* What is expected
Retype the material below exactly, from its first line through the line with "Sprites - First Sighting"; the pictures stay out.

* Data
■ ■ ■ ■ ■
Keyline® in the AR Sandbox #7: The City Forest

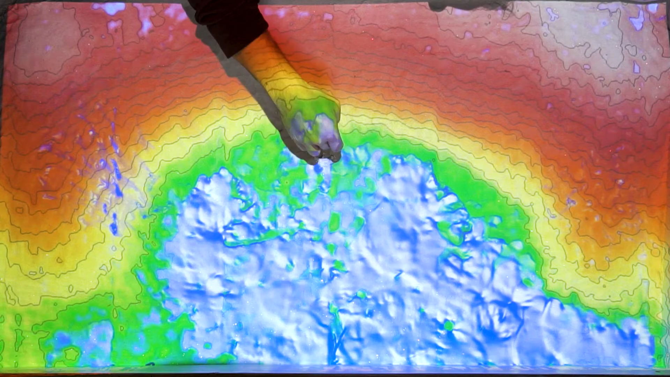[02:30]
So, putting a pond right here at the base of the slope and having an access road that feeds the pond means the road is going to come from the ridges
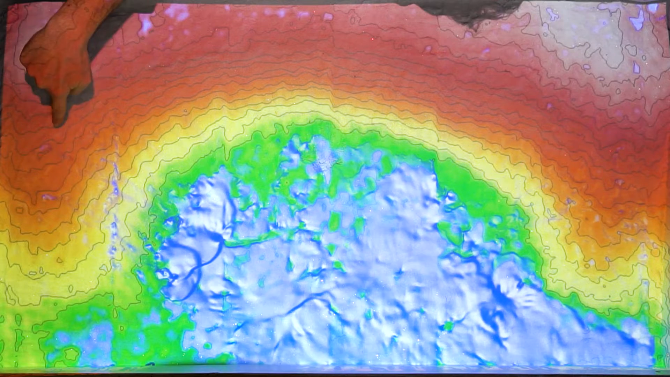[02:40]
and it's going to cross the contour lines, meaning that there's a drop on the road to shunt water from the road
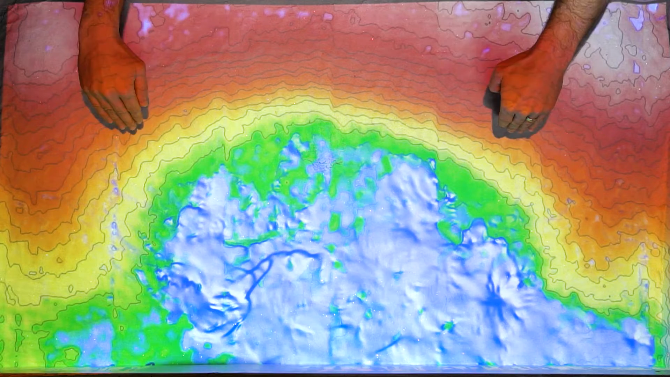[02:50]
surface and anything else directed onto it onto this key point pond.
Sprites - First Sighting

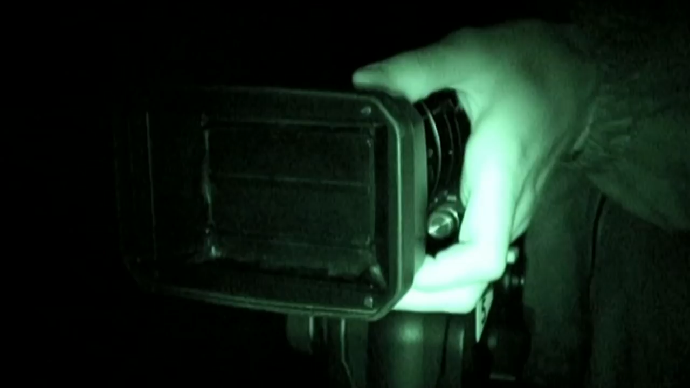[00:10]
They plan to use it for a high-altitude rocket experiment.
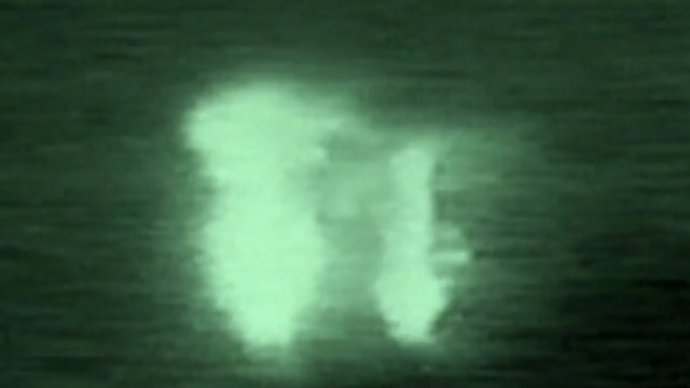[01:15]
So, what are they? Around the world, lightning scientists are on the hunt to find out.
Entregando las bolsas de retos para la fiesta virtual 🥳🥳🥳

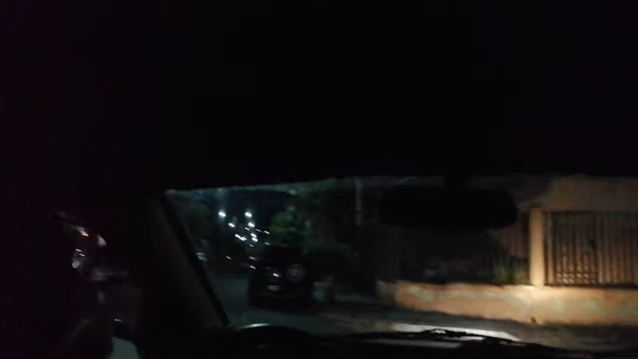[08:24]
Estamos entrando a otra casa. Bueno, aquí. Donde hay como una tiendita. Aquí en la esquina para arriba. Sí, tu papá acaba de venir hace poco. Aquí, de aquí también nos dieron algunas ayudas también que se llevaron, por eso el Osi sabe. No se le olvida.
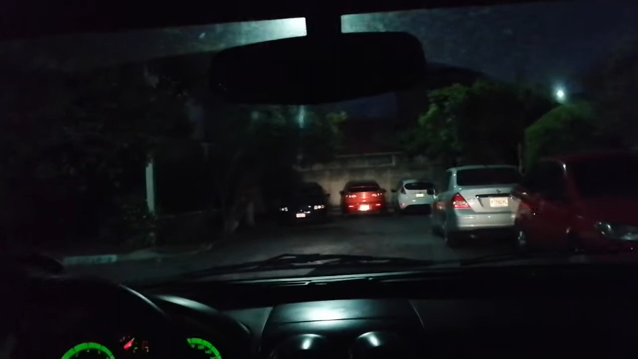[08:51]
Pues debe de haber un estilo tiendita diciéndole que triste. Entonces, vamos, aquí estamos llegando. ¿Ya tenés lista la bolsita, Mateo? Sí, ya tengo su bolsita.
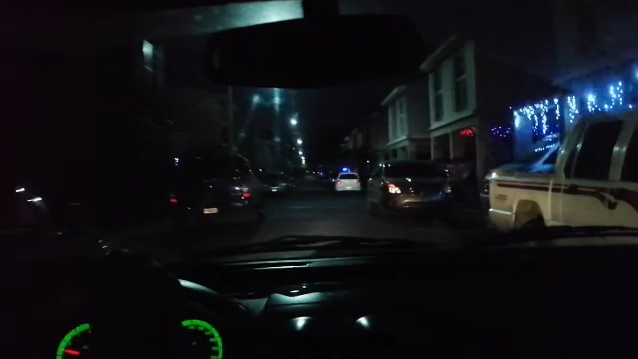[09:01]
Entonces ahí le das la canasta a tu papá. Y te bajas, ya sabes, de codo o de puño, nada más. Sí. A ver si me puedo parquear por aquí. Miren. Aquí, las aquí casitas. Como cuesta. Están ya bien decoradas. Cada día más las casitas ya. Ay, que iba un niño cruzando.
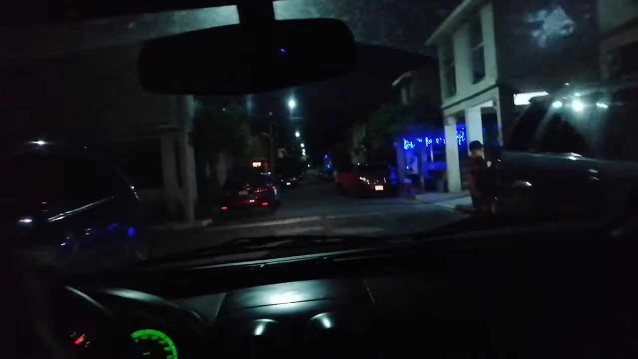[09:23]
Mami, ya vamos a decorar nuestra casa, que nuestra casa está decorada. No estoy mal, es aquí adelante. Entonces aquí vamos. Ya vamos. Esto no la decoré. ¿Aquí? Ay, Dios, bueno. Será. Sí. Bueno, llegamos.
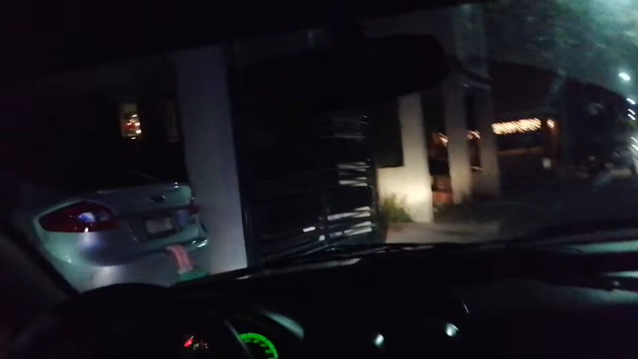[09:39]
Vamos a esperar que Mateo llegue y entregue su bolsita.
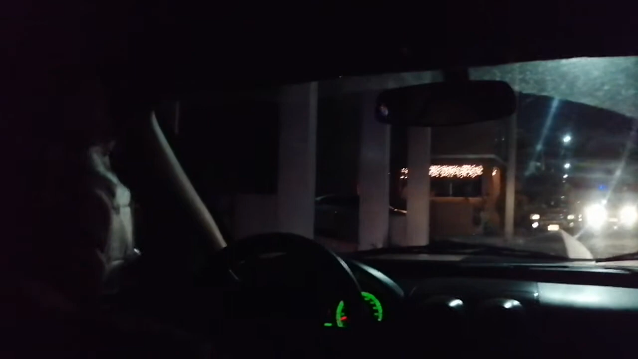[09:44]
En el carro. Miren, ahí está. Hamburguesa. Bueno, pizza. Aquí vamos para la penúltima casita. Pizza. Miren, aquí pueden ver que sí, la capital es caos, tráfico. Los helados.
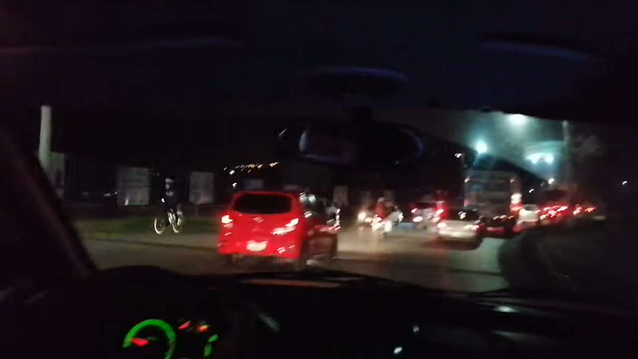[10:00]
pareciera que anduviéramos bien lejos, pero la verdad es que no, Ausi. Siempre es por nuestro sector. Mucho tráfico. Aquí toda la capital no es igual que en el campo. Aquí es tráfico, tráfico.
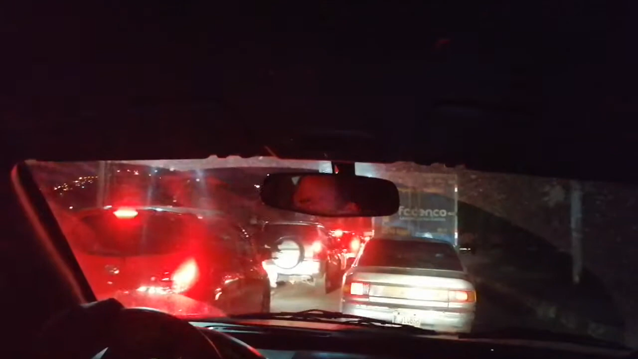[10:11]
Oye, pero, igual de campero. Locos. El pobre campero corriendo, ¿no?, con su pollo ya para entregar. Ese estamos por llegar.
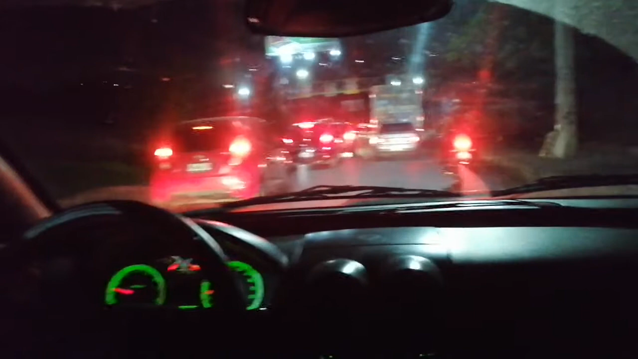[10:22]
Cuidado, siempre hay que ver que no vayan motoristas. Yo como tengo ratos de no salir, a mí me estresa todo esto.
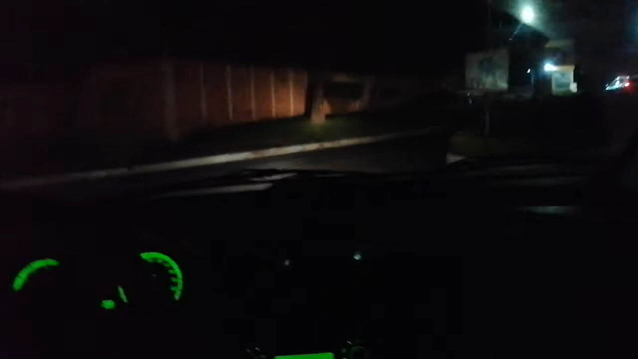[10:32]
Vamos. No sé si la miren qué bonito. Los, ¿cómo se llama? Tienen ahora un arbolito ya. Estos lugares ya están decorando sus entradas.
■ ■ ■ ■ ■
* Solution below
Keyline® in the AR Sandbox #7: The City Forest

[02:30]
So, putting a pond right here at the base of the slope and having an access road that feeds the pond means the road is going to come from the ridges
[02:40]
and it's going to cross the contour lines, meaning that there's a drop on the road to shunt water from the road
[02:50]
surface and anything else directed onto it onto this key point pond.
Sprites - First Sighting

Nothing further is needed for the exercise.